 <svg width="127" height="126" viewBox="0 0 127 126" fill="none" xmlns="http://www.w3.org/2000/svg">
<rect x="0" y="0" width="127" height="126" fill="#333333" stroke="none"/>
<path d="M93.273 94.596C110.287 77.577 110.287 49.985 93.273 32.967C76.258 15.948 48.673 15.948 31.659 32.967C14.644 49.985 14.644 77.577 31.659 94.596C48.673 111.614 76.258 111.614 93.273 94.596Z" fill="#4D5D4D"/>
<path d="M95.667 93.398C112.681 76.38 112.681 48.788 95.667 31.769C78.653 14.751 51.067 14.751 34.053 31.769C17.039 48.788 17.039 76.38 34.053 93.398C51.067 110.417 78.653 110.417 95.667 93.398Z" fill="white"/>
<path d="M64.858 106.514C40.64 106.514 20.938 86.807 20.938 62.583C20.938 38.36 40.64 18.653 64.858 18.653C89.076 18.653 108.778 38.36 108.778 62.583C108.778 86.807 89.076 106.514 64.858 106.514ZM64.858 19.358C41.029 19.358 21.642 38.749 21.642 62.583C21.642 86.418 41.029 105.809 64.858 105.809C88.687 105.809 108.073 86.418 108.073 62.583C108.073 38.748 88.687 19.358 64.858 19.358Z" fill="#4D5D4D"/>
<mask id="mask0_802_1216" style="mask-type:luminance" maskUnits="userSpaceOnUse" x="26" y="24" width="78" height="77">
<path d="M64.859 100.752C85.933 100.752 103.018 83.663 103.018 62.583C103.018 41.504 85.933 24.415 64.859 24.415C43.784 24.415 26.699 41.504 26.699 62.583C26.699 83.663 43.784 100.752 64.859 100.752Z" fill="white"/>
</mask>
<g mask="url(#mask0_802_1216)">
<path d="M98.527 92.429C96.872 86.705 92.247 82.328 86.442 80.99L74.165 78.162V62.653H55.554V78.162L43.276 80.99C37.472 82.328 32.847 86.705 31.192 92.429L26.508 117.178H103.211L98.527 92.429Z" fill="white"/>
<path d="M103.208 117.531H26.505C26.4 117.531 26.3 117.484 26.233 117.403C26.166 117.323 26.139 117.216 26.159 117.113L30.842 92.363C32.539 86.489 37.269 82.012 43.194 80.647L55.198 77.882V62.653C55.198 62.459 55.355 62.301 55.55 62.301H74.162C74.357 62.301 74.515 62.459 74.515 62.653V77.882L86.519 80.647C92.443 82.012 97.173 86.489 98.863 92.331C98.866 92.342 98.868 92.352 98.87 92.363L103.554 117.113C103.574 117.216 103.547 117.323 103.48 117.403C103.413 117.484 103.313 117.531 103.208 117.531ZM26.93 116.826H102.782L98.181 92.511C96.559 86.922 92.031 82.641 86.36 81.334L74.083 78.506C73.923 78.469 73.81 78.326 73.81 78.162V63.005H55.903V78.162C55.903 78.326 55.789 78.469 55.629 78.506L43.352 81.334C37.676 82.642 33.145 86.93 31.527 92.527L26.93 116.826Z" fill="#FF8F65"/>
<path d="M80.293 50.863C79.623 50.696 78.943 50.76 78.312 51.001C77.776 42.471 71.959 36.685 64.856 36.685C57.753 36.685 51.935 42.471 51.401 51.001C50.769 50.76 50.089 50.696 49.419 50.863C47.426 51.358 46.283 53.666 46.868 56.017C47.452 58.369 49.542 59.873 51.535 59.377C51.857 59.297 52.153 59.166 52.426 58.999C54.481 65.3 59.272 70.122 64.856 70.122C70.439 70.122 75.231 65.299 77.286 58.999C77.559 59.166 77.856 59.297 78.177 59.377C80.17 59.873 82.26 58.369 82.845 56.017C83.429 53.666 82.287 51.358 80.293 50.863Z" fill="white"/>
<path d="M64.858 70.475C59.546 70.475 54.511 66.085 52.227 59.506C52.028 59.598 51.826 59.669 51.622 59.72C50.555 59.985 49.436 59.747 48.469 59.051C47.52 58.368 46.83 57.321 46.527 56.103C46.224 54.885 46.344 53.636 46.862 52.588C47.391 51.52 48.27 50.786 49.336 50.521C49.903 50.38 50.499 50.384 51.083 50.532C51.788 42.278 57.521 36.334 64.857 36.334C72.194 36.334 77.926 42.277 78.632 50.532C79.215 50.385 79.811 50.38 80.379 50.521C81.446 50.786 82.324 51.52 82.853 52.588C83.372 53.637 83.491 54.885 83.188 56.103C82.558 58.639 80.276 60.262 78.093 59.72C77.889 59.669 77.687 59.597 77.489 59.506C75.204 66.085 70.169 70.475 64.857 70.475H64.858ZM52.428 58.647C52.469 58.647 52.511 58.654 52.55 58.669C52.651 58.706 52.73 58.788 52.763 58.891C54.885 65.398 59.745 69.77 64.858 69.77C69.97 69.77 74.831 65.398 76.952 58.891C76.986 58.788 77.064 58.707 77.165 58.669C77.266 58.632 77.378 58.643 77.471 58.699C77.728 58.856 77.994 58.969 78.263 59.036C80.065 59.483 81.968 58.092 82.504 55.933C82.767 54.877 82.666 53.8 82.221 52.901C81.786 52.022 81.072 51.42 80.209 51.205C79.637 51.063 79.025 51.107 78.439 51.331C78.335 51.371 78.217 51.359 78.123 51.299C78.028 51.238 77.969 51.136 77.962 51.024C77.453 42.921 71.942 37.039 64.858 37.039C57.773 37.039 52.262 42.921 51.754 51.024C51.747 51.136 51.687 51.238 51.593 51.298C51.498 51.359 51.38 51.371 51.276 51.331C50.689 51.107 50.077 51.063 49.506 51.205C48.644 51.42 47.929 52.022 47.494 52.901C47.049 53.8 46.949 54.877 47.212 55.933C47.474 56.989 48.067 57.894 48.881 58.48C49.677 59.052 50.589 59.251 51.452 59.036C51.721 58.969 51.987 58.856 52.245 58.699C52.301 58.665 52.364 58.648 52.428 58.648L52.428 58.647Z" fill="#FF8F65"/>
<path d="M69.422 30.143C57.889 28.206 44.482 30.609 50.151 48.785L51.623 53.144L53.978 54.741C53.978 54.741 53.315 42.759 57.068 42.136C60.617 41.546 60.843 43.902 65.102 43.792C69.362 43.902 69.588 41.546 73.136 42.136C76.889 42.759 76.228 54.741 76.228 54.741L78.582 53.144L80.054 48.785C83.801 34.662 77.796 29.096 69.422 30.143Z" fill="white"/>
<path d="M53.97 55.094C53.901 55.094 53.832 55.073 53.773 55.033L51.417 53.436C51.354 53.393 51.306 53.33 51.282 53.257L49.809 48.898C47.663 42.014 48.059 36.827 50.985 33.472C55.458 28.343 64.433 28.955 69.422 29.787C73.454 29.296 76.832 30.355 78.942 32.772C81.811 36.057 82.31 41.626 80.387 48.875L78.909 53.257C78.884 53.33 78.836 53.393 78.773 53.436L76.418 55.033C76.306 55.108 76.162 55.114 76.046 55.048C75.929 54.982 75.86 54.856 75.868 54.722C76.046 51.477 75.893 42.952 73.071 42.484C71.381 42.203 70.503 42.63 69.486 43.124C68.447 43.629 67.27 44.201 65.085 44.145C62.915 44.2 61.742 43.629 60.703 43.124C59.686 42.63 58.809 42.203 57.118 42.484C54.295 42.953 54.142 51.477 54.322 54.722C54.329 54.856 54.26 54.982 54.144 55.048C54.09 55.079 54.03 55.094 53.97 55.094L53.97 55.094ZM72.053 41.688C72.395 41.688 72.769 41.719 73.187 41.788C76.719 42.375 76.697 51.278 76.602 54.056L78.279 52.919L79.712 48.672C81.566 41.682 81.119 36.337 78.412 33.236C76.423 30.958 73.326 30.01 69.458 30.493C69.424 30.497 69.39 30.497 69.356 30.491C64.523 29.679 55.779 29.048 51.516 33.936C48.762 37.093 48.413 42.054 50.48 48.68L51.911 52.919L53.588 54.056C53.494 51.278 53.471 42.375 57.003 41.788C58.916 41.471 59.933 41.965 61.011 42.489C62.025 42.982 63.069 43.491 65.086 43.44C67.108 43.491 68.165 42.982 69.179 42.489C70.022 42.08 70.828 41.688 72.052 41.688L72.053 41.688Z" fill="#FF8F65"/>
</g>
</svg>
===============
» Exercise description
Line by line, count how many lines of the entries contain the word "height", and give only that number.

» Your solution
3